Art Engstrom

Profile
- Position: Guard

Personal information
- Born: August 23, 1898 Duluth, Minnesota, U.S.
- Died: April 10, 1953 (aged 54) Duluth, Minnesota, U.S.
- Listed height: 5 ft 9 in (1.75 m)
- Listed weight: 185 lb (84 kg)

Career information
- High school: Valparaiso (IN)
- College: Chicago

Career history
- Duluth Kelleys (1924);

Career statistics
- Games played: 1
- Games started: 1
- Stats at Pro Football Reference

= Art Engstrom =

American football player (1898–1953)

Arthur Edward Engstrom (August 23, 1898 – April 10, 1953) was an American football guard who played one season in the National Football League (NFL) for the Duluth Kelleys. He played college football for Chicago.

==Early life and career==

Engstrom was born on August 23, 1898, in Duluth, Minnesota. He attended Valparaiso High School in Indiana, before playing college football for Chicago. After graduating from Chicago, Engstrom played for the Duluth Kelleys of the National Football League (NFL) in .
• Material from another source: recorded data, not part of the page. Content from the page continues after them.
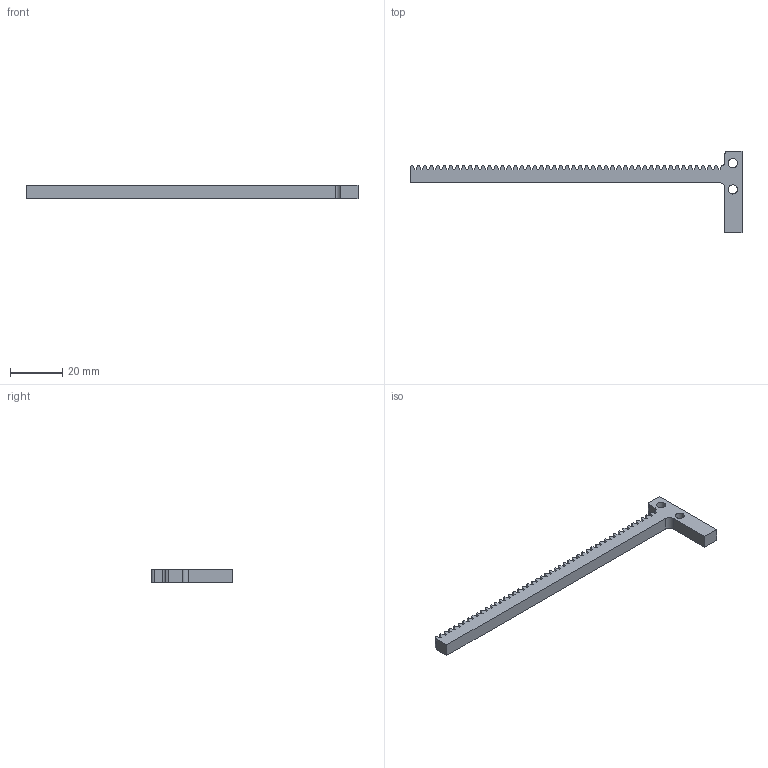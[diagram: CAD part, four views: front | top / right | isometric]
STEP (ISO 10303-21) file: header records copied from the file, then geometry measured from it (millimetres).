
FILE_DESCRIPTION(/* description */ ('Alibre Inc.'),/* implementation_level */ '2;1');
FILE_NAME(/* name */ 'export0',/* time_stamp */ '2013-10-11T23:17:58+01:00',/* author */ (''),/* organization */ (''),/* preprocessor_version */ 'ST-DEVELOPER v14',/* originating_system */ 'Alibre',/* authorisation */ '');
FILE_SCHEMA (('CONFIG_CONTROL_DESIGN'));
Length unit declared in the file: centimetre
Products named in the file (1): ID_1
Bounding box: 126.5 x 30.95 x 5 mm (x, y, z)
Volume: 4450.3 mm3; surface area: 4036.4 mm2
Topology: 1 solids, 1 shells, 208 faces, 618 edges, 412 vertices
Faces by surface type: bspline 97, plane 57, cylinder 54
Full cylindrical faces by diameter (mm): 3.5 x2
Entity records: 7926 total; most frequent: CARTESIAN_POINT 2885, ORIENTED_EDGE 1232, DIRECTION 695, EDGE_CURVE 616, VERTEX_POINT 412, VECTOR 314, LINE 314, AXIS2_PLACEMENT_3D 219
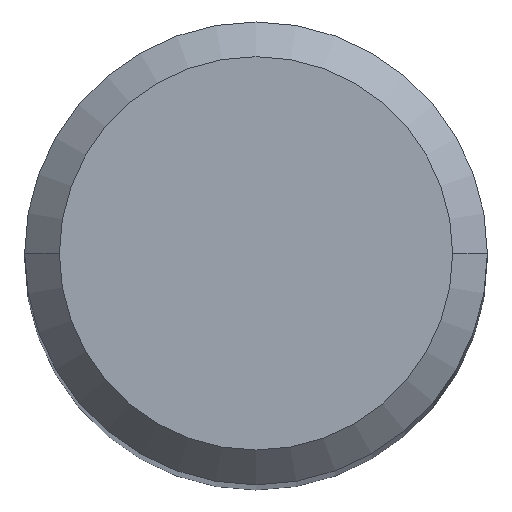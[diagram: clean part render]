
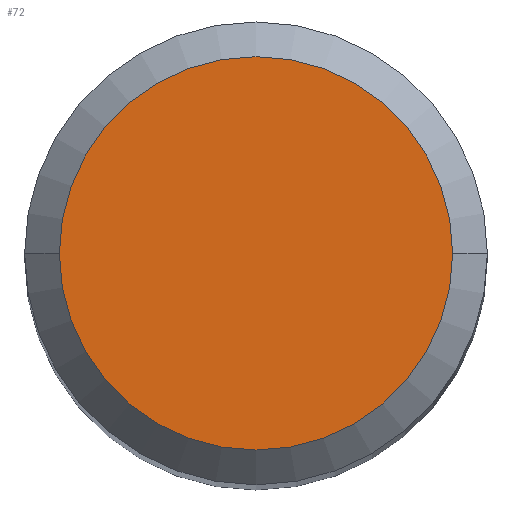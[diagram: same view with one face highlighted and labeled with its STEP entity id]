
A CAD part, top view. The second image highlights one B-rep face of the part: STEP entity #72.
In plain terms, the highlighted planar face has unit normal (0, 0, 1).
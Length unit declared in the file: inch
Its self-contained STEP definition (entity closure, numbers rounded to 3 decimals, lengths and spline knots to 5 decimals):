
#4 = DIRECTION ( 'NONE',  ( 1., 0., 0. ) ) ;
#20 = DIRECTION ( 'NONE',  ( 0., 0., 1. ) ) ;
#30 = AXIS2_PLACEMENT_3D ( 'NONE', #178, #465, #368 ) ;
#46 = AXIS2_PLACEMENT_3D ( 'NONE', #365, #293, #4 ) ;
#72 = ADVANCED_FACE ( 'NONE', ( #464 ), #109, .F. ) ;
#74 = CIRCLE ( 'NONE', #412, 0.10038 ) ;
#80 = CARTESIAN_POINT ( 'NONE',  ( 0.10038, 0., 0. ) ) ;
#109 = PLANE ( 'NONE',  #30 ) ;
#176 = VERTEX_POINT ( 'NONE', #80 ) ;
#178 = CARTESIAN_POINT ( 'NONE',  ( 0., 0., 0. ) ) ;
#181 = CIRCLE ( 'NONE', #46, 0.10038 ) ;
#183 = EDGE_CURVE ( 'NONE', #176, #377, #181, .T. ) ;
#193 = DIRECTION ( 'NONE',  ( 1., 0., 0. ) ) ;
#205 = CARTESIAN_POINT ( 'NONE',  ( 0., 0., 0. ) ) ;
#288 = ORIENTED_EDGE ( 'NONE', *, *, #183, .T. ) ;
#293 = DIRECTION ( 'NONE',  ( 0., 0., 1. ) ) ;
#365 = CARTESIAN_POINT ( 'NONE',  ( 0., 0., 0. ) ) ;
#368 = DIRECTION ( 'NONE',  ( -1., 0., 0. ) ) ;
#377 = VERTEX_POINT ( 'NONE', #413 ) ;
#401 = EDGE_CURVE ( 'NONE', #377, #176, #74, .T. ) ;
#409 = EDGE_LOOP ( 'NONE', ( #445, #288 ) ) ;
#412 = AXIS2_PLACEMENT_3D ( 'NONE', #205, #20, #193 ) ;
#413 = CARTESIAN_POINT ( 'NONE',  ( -0.10038, 0., 0. ) ) ;
#445 = ORIENTED_EDGE ( 'NONE', *, *, #401, .T. ) ;
#464 = FACE_OUTER_BOUND ( 'NONE', #409, .T. ) ;
#465 = DIRECTION ( 'NONE',  ( 0., 0., -1. ) ) ;
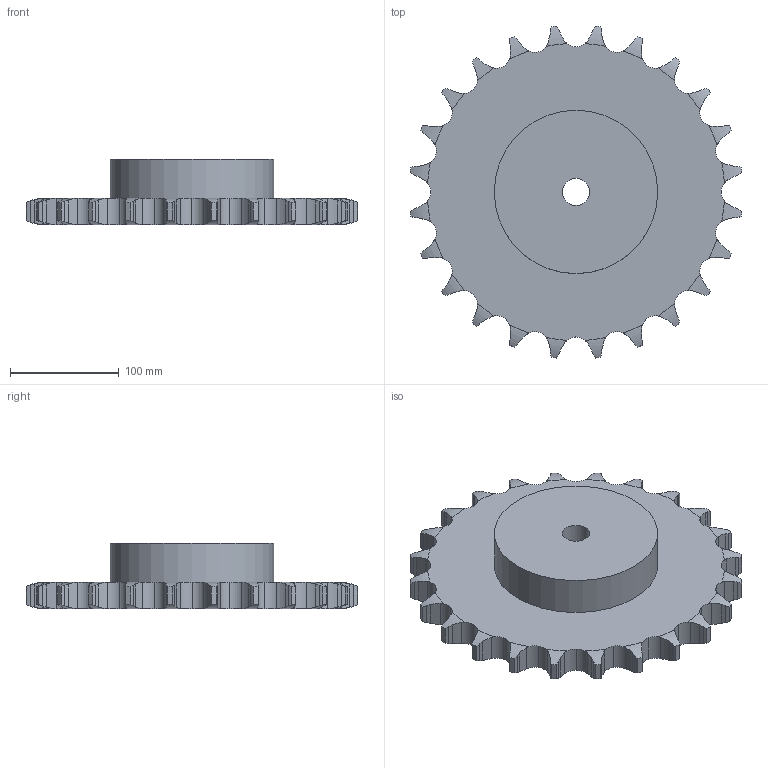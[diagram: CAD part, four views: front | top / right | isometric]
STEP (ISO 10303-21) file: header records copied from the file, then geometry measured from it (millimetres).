
FILE_DESCRIPTION(('FreeCAD Model'),'2;1');
FILE_NAME('Open CASCADE Shape Model','2021-06-20T09:17:22',('FreeCAD'),( 'FreeCAD'),'Open CASCADE STEP processor 7.4','FreeCAD','Unknown');
FILE_SCHEMA(('AUTOMOTIVE_DESIGN { 1 0 10303 214 1 1 1 1 }'));
Length unit declared in the file: millimetre
Products named in the file (1): Open CASCADE STEP translator 7.4 53
Bounding box: 304.79 x 304.79 x 60 mm (x, y, z)
Volume: 2091933.9 mm3; surface area: 176813.2 mm2
Topology: 1 solids, 1 shells, 270 faces, 799 edges, 533 vertices
Faces by surface type: cylinder 170, plane 52, torus 48
Full cylindrical faces by diameter (mm): 25 x1, 150 x1
Entity records: 24322 total; most frequent: CARTESIAN_POINT 10833, DIRECTION 1839, ORIENTED_EDGE 1598, PCURVE 1598, DEFINITIONAL_REPRESENTATION 1598, B_SPLINE_CURVE_WITH_KNOTS 1152, LINE 898, VECTOR 898
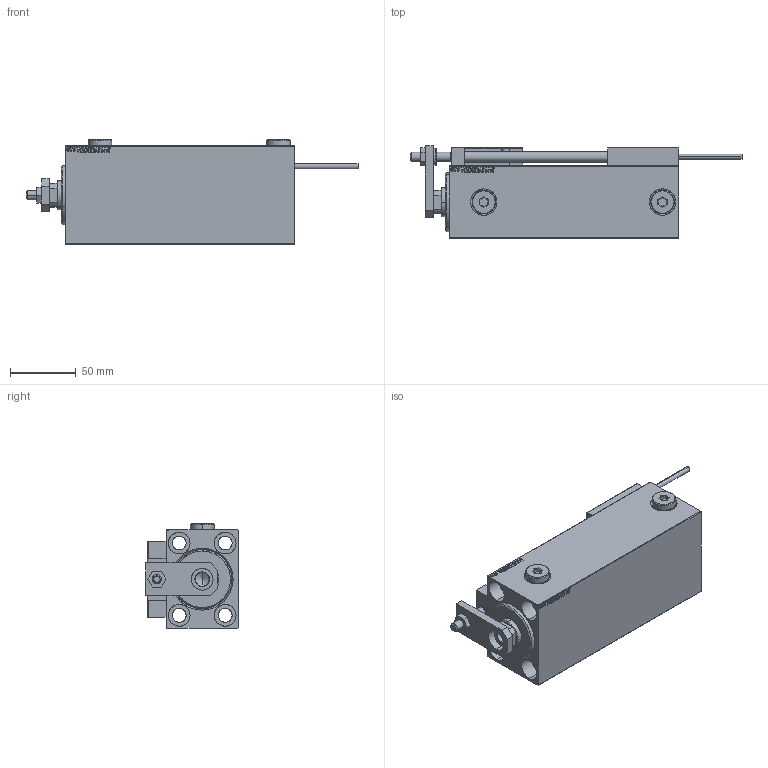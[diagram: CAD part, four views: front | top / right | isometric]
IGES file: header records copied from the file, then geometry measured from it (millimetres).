
Start section: SolidWorks IGES file using analytic representation for surfaces
Global section: file name: ffc6.IGS; native system: SolidWorks 2019; preprocessor: SolidWorks 2019; author: Model3D; date: 240213.060058; units: millimetre
Bounding box: 252.7 x 70.5 x 79.9 mm (x, y, z)
Surface area: 145975.6 mm2 (no closed solid volume)
Topology: 0 solids, 0 shells, 1336 faces, 18122 edges, 18116 vertices
Faces by surface type: bspline 1018, revolution 318
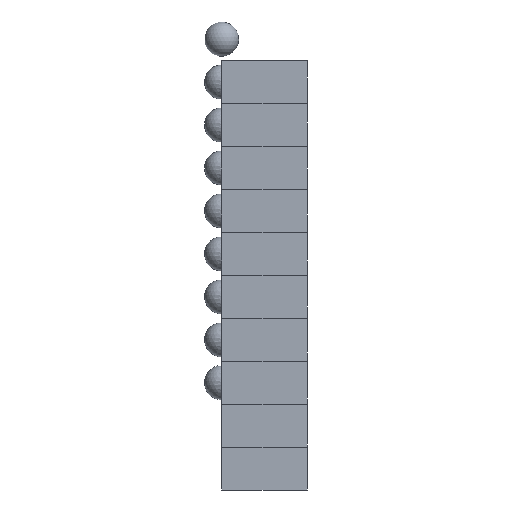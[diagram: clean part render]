
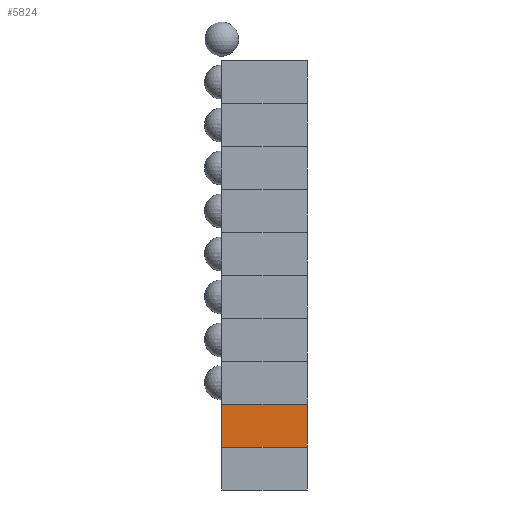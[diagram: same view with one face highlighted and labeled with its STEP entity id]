
A CAD part, left-side view. The second image highlights one B-rep face of the part: STEP entity #5824.
In plain terms, the highlighted planar face has unit normal (-1, 0, 0).
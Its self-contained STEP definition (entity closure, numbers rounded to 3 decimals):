
#74 = PLANE('',#75);
#75 = AXIS2_PLACEMENT_3D('',#76,#77,#78);
#76 = CARTESIAN_POINT('',(-29.202,-5.,42.5));
#77 = DIRECTION('',(0.,1.,0.));
#78 = DIRECTION('',(0.,0.,1.));
#130 = PLANE('',#131);
#131 = AXIS2_PLACEMENT_3D('',#132,#133,#134);
#132 = CARTESIAN_POINT('',(-29.202,5.,42.5));
#133 = DIRECTION('',(0.,1.,0.));
#134 = DIRECTION('',(0.,0.,1.));
#762 = VERTEX_POINT('',#763);
#763 = CARTESIAN_POINT('',(-27.967,-5.,2.5));
#777 = PLANE('',#778);
#778 = AXIS2_PLACEMENT_3D('',#779,#780,#781);
#779 = CARTESIAN_POINT('',(-27.967,-5.,2.5));
#780 = DIRECTION('',(0.,0.,1.));
#781 = DIRECTION('',(1.,0.,0.));
#789 = EDGE_CURVE('',#762,#790,#792,.T.);
#790 = VERTEX_POINT('',#791);
#791 = CARTESIAN_POINT('',(-27.967,-5.,7.5));
#792 = SURFACE_CURVE('',#793,(#797,#804),.PCURVE_S1.);
#793 = LINE('',#794,#795);
#794 = CARTESIAN_POINT('',(-27.967,-5.,2.5));
#795 = VECTOR('',#796,1.);
#796 = DIRECTION('',(0.,0.,1.));
#797 = PCURVE('',#74,#798);
#798 = DEFINITIONAL_REPRESENTATION('',(#799),#803);
#799 = LINE('',#800,#801);
#800 = CARTESIAN_POINT('',(-40.,1.236));
#801 = VECTOR('',#802,1.);
#802 = DIRECTION('',(1.,0.));
#803 = ( GEOMETRIC_REPRESENTATION_CONTEXT(2) 
PARAMETRIC_REPRESENTATION_CONTEXT() REPRESENTATION_CONTEXT('2D SPACE',''
  ) );
#804 = PCURVE('',#805,#810);
#805 = PLANE('',#806);
#806 = AXIS2_PLACEMENT_3D('',#807,#808,#809);
#807 = CARTESIAN_POINT('',(-27.967,-5.,2.5));
#808 = DIRECTION('',(1.,0.,0.));
#809 = DIRECTION('',(0.,0.,1.));
#810 = DEFINITIONAL_REPRESENTATION('',(#811),#815);
#811 = LINE('',#812,#813);
#812 = CARTESIAN_POINT('',(0.,0.));
#813 = VECTOR('',#814,1.);
#814 = DIRECTION('',(1.,0.));
#815 = ( GEOMETRIC_REPRESENTATION_CONTEXT(2) 
PARAMETRIC_REPRESENTATION_CONTEXT() REPRESENTATION_CONTEXT('2D SPACE',''
  ) );
#833 = PLANE('',#834);
#834 = AXIS2_PLACEMENT_3D('',#835,#836,#837);
#835 = CARTESIAN_POINT('',(-28.364,-5.,7.5));
#836 = DIRECTION('',(0.,0.,1.));
#837 = DIRECTION('',(1.,0.,0.));
#2358 = VERTEX_POINT('',#2359);
#2359 = CARTESIAN_POINT('',(-27.967,5.,2.5));
#2380 = EDGE_CURVE('',#2358,#2381,#2383,.T.);
#2381 = VERTEX_POINT('',#2382);
#2382 = CARTESIAN_POINT('',(-27.967,5.,7.5));
#2383 = SURFACE_CURVE('',#2384,(#2388,#2395),.PCURVE_S1.);
#2384 = LINE('',#2385,#2386);
#2385 = CARTESIAN_POINT('',(-27.967,5.,2.5));
#2386 = VECTOR('',#2387,1.);
#2387 = DIRECTION('',(0.,0.,1.));
#2388 = PCURVE('',#130,#2389);
#2389 = DEFINITIONAL_REPRESENTATION('',(#2390),#2394);
#2390 = LINE('',#2391,#2392);
#2391 = CARTESIAN_POINT('',(-40.,1.236));
#2392 = VECTOR('',#2393,1.);
#2393 = DIRECTION('',(1.,0.));
#2394 = ( GEOMETRIC_REPRESENTATION_CONTEXT(2) 
PARAMETRIC_REPRESENTATION_CONTEXT() REPRESENTATION_CONTEXT('2D SPACE',''
  ) );
#2395 = PCURVE('',#805,#2396);
#2396 = DEFINITIONAL_REPRESENTATION('',(#2397),#2401);
#2397 = LINE('',#2398,#2399);
#2398 = CARTESIAN_POINT('',(0.,-10.));
#2399 = VECTOR('',#2400,1.);
#2400 = DIRECTION('',(1.,0.));
#2401 = ( GEOMETRIC_REPRESENTATION_CONTEXT(2) 
PARAMETRIC_REPRESENTATION_CONTEXT() REPRESENTATION_CONTEXT('2D SPACE',''
  ) );
#5802 = EDGE_CURVE('',#762,#2358,#5803,.T.);
#5803 = SURFACE_CURVE('',#5804,(#5808,#5815),.PCURVE_S1.);
#5804 = LINE('',#5805,#5806);
#5805 = CARTESIAN_POINT('',(-27.967,-5.,2.5));
#5806 = VECTOR('',#5807,1.);
#5807 = DIRECTION('',(0.,1.,0.));
#5808 = PCURVE('',#777,#5809);
#5809 = DEFINITIONAL_REPRESENTATION('',(#5810),#5814);
#5810 = LINE('',#5811,#5812);
#5811 = CARTESIAN_POINT('',(0.,0.));
#5812 = VECTOR('',#5813,1.);
#5813 = DIRECTION('',(0.,1.));
#5814 = ( GEOMETRIC_REPRESENTATION_CONTEXT(2) 
PARAMETRIC_REPRESENTATION_CONTEXT() REPRESENTATION_CONTEXT('2D SPACE',''
  ) );
#5815 = PCURVE('',#805,#5816);
#5816 = DEFINITIONAL_REPRESENTATION('',(#5817),#5821);
#5817 = LINE('',#5818,#5819);
#5818 = CARTESIAN_POINT('',(0.,0.));
#5819 = VECTOR('',#5820,1.);
#5820 = DIRECTION('',(0.,-1.));
#5821 = ( GEOMETRIC_REPRESENTATION_CONTEXT(2) 
PARAMETRIC_REPRESENTATION_CONTEXT() REPRESENTATION_CONTEXT('2D SPACE',''
  ) );
#5824 = ADVANCED_FACE('',(#5825),#805,.F.);
#5825 = FACE_BOUND('',#5826,.F.);
#5826 = EDGE_LOOP('',(#5827,#5828,#5829,#5830));
#5827 = ORIENTED_EDGE('',*,*,#789,.F.);
#5828 = ORIENTED_EDGE('',*,*,#5802,.T.);
#5829 = ORIENTED_EDGE('',*,*,#2380,.T.);
#5830 = ORIENTED_EDGE('',*,*,#5831,.F.);
#5831 = EDGE_CURVE('',#790,#2381,#5832,.T.);
#5832 = SURFACE_CURVE('',#5833,(#5837,#5844),.PCURVE_S1.);
#5833 = LINE('',#5834,#5835);
#5834 = CARTESIAN_POINT('',(-27.967,-5.,7.5));
#5835 = VECTOR('',#5836,1.);
#5836 = DIRECTION('',(0.,1.,0.));
#5837 = PCURVE('',#805,#5838);
#5838 = DEFINITIONAL_REPRESENTATION('',(#5839),#5843);
#5839 = LINE('',#5840,#5841);
#5840 = CARTESIAN_POINT('',(5.,0.));
#5841 = VECTOR('',#5842,1.);
#5842 = DIRECTION('',(0.,-1.));
#5843 = ( GEOMETRIC_REPRESENTATION_CONTEXT(2) 
PARAMETRIC_REPRESENTATION_CONTEXT() REPRESENTATION_CONTEXT('2D SPACE',''
  ) );
#5844 = PCURVE('',#833,#5845);
#5845 = DEFINITIONAL_REPRESENTATION('',(#5846),#5850);
#5846 = LINE('',#5847,#5848);
#5847 = CARTESIAN_POINT('',(0.397,0.));
#5848 = VECTOR('',#5849,1.);
#5849 = DIRECTION('',(0.,1.));
#5850 = ( GEOMETRIC_REPRESENTATION_CONTEXT(2) 
PARAMETRIC_REPRESENTATION_CONTEXT() REPRESENTATION_CONTEXT('2D SPACE',''
  ) );

He appeared in two games. The first was an exhibition tie against the Ironwood Legion, in which he was starting left guard. He also started in the first game of the regular season, a 6–3 win over the Green Bay Packers. He did not play for the rest of the season, and was not on a team in the next year, finishing his career with just one game at the professional level.

==Death==
Engstrom died on April 10, 1953, in Duluth, at the age of 54.